Work task :: Each line from the one containing "སྟེ། ནང་གི་བདག་དང་ཕྱིའི་བདག་གོ །དེ་ལ་ནང་གི་བདག་ཅེས་བྱ་བ་ནི།" through the end of the entries below must be output exactly; no other line belongs.

━━━━━ The records

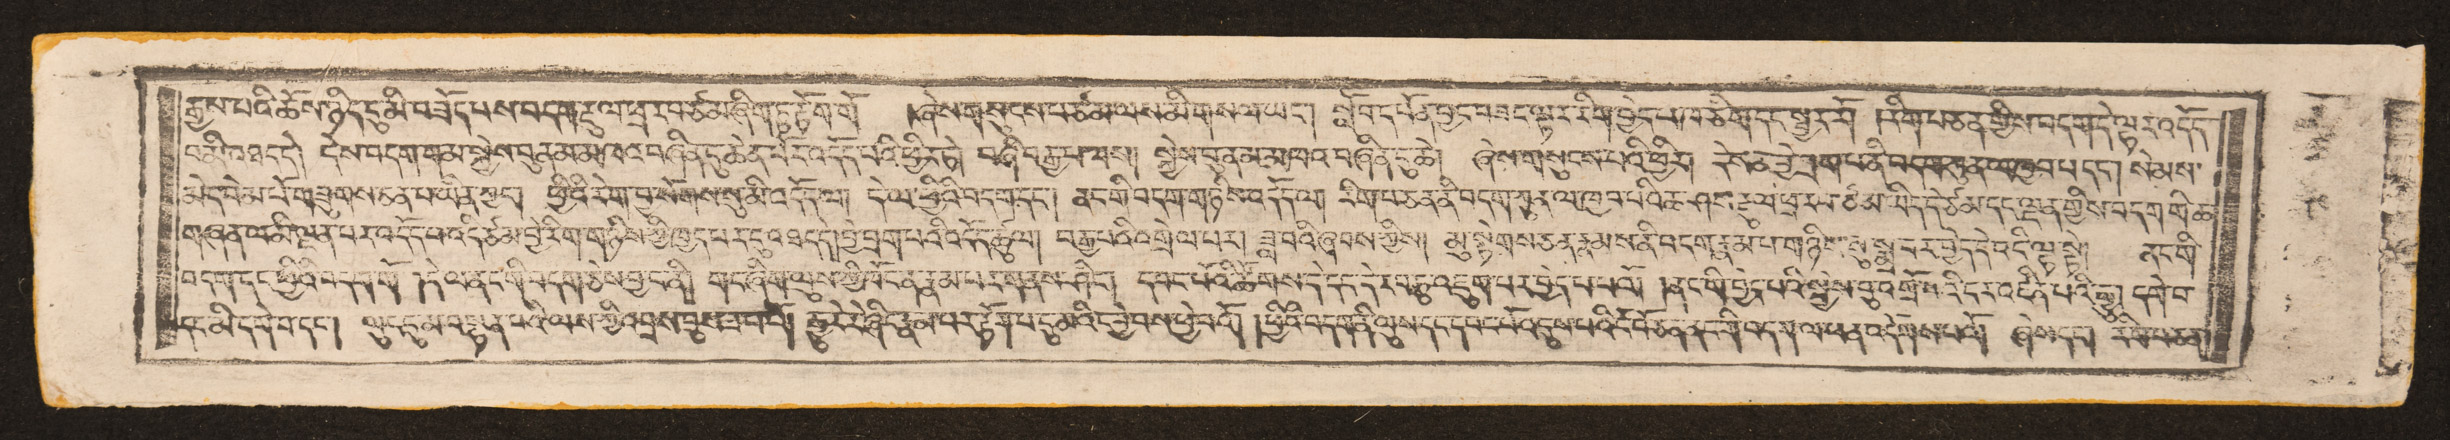ཆོས་ཉིད་དུ་མི་བཟོད་པས་བདག་རྡུལ་ཕྲ་རབ་ཙམ་ཞིག་ཏུ་རྟོག་གོ །ཞེས་གསུངས་པ་ཙམ་ལས་མི་གསལ་ཡང་། སློབ་དཔོན་བྱང་བྠང་ལྟར་རིག་བྱེད་པ་ཁ་ཅིག་དང་སྦྱར་རོ། །རིག་པ་ཅན་གྱིས་བདག་དེ་ལྟར་འདོད་པ་
མི་འཐད་དེ། དེས་བདག་གམ་སྐྱེས་བུ་ནམ་མཁའ་བཞིན་དུ་ཆེན་པོར་འདོད་པའི་ཕྱིར་ཏེ། བཞི་བརྒྱ་བ་ལས། སྐྱེ་བུ་ནམ་མཁའ་བཞིན་དུ་ཆེ། ཞེས་གསུངས་པའི་ཕྱིར། དེས་ན་བྱེ་བྲག་པ་ནི་བདག་ཀུན་ལ་ཁྱབ་པ་དང་།
སེམས་ཅེན་བེ་མདོ་གཟུགས་པ་ཡིན་ཀྱང་། ཕྱིའི་རེག་བྱ་སོགས་སུ་མི་འདོད་ལ། དེ་ལ་ཕྱིའི་བདག་དང་། ནང་གི་བདག་གཉིས་འདོད་ལ། རིག་པ་ཅན་ནི་བདག་ཀུན་ལ་ཁྱབ་པའི་ཆ་ཤས་རྡུལ་ཕྲ་རབ་ཙམ་ཡིད་དེ་དེ་ཙམ་དང་ལྡན་
གྱིས་བདག་གི་ཆ་གཞན་ལ་མི་ལྡན་པར་འདོད་པ་འདི་ཙམ་བྱེ་རིག་གཉིས་ཀྱི་ཁྱད་པར་དུ་འཐད་དེ། བྱེ་བྲག་པའི་འདོད་ཚུལ། བརྒྱ་བའི་འགྲེལ་བར། ཟླ་བའི་ཞབས་ཀྱིས། མུ་སྟེགས་ཅན་རྣམས་ཀྱི་བདག་རྣམ་པ་གཉིས་སུ་སྨྲ་བར་བྱེད་དེ་འདི་ལྟ་
སྟེ། ནང་གི་བདག་དང་ཕྱིའི་བདག་གོ །དེ་ལ་ནང་གི་བདག་ཅེས་བྱ་བ་ནི། གང་ཞིག་ལུས་ཀྱི་ཁོང་ན་རྣམ་པར་གནས་ཤིང་། དབང་པོའི་ཚོགས་དེ་དང་དེ་རབ་ཏུ་འཇུག་པར་བྱེད་པ་པོའོ། །ནང་གི་བྱེད་པའི་སྐྱེས་བུ་འགྲོ་བའི་ངར་འཛིན་པའི་རྒྱུ།
དགེ་བ་དང་མི་དགེ་བ་དང་། ལུང་དུ་མ་བསྟན་པའི་ལས་ཀྱི་འབྲས་བུས་ཟ་བའོ། རྒྱུ་རེ་རེ་ཞིང་རྣམ་པར་རྟོག་པ་དུ་མའི་དབྱེབས་ཕྱེ་བའོ། །ཕྱིའི་བདག་ནི་ལུས་དང་དབང་པོ་འདུས་པའི་ངོ་བོ་ཅན་ནང་གི་བདག་ལ་ཕན་འདོགས་པའོ། ཞེས་དང་། རིག་པ་ཅན་

━━━━━━━━━━

Written solution ::
སྟེ། ནང་གི་བདག་དང་ཕྱིའི་བདག་གོ །དེ་ལ་ནང་གི་བདག་ཅེས་བྱ་བ་ནི། གང་ཞིག་ལུས་ཀྱི་ཁོང་ན་རྣམ་པར་གནས་ཤིང་། དབང་པོའི་ཚོགས་དེ་དང་དེ་རབ་ཏུ་འཇུག་པར་བྱེད་པ་པོའོ། །ནང་གི་བྱེད་པའི་སྐྱེས་བུ་འགྲོ་བའི་ངར་འཛིན་པའི་རྒྱུ།
དགེ་བ་དང་མི་དགེ་བ་དང་། ལུང་དུ་མ་བསྟན་པའི་ལས་ཀྱི་འབྲས་བུས་ཟ་བའོ། རྒྱུ་རེ་རེ་ཞིང་རྣམ་པར་རྟོག་པ་དུ་མའི་དབྱེབས་ཕྱེ་བའོ། །ཕྱིའི་བདག་ནི་ལུས་དང་དབང་པོ་འདུས་པའི་ངོ་བོ་ཅན་ནང་གི་བདག་ལ་ཕན་འདོགས་པའོ། ཞེས་དང་། རིག་པ་ཅན་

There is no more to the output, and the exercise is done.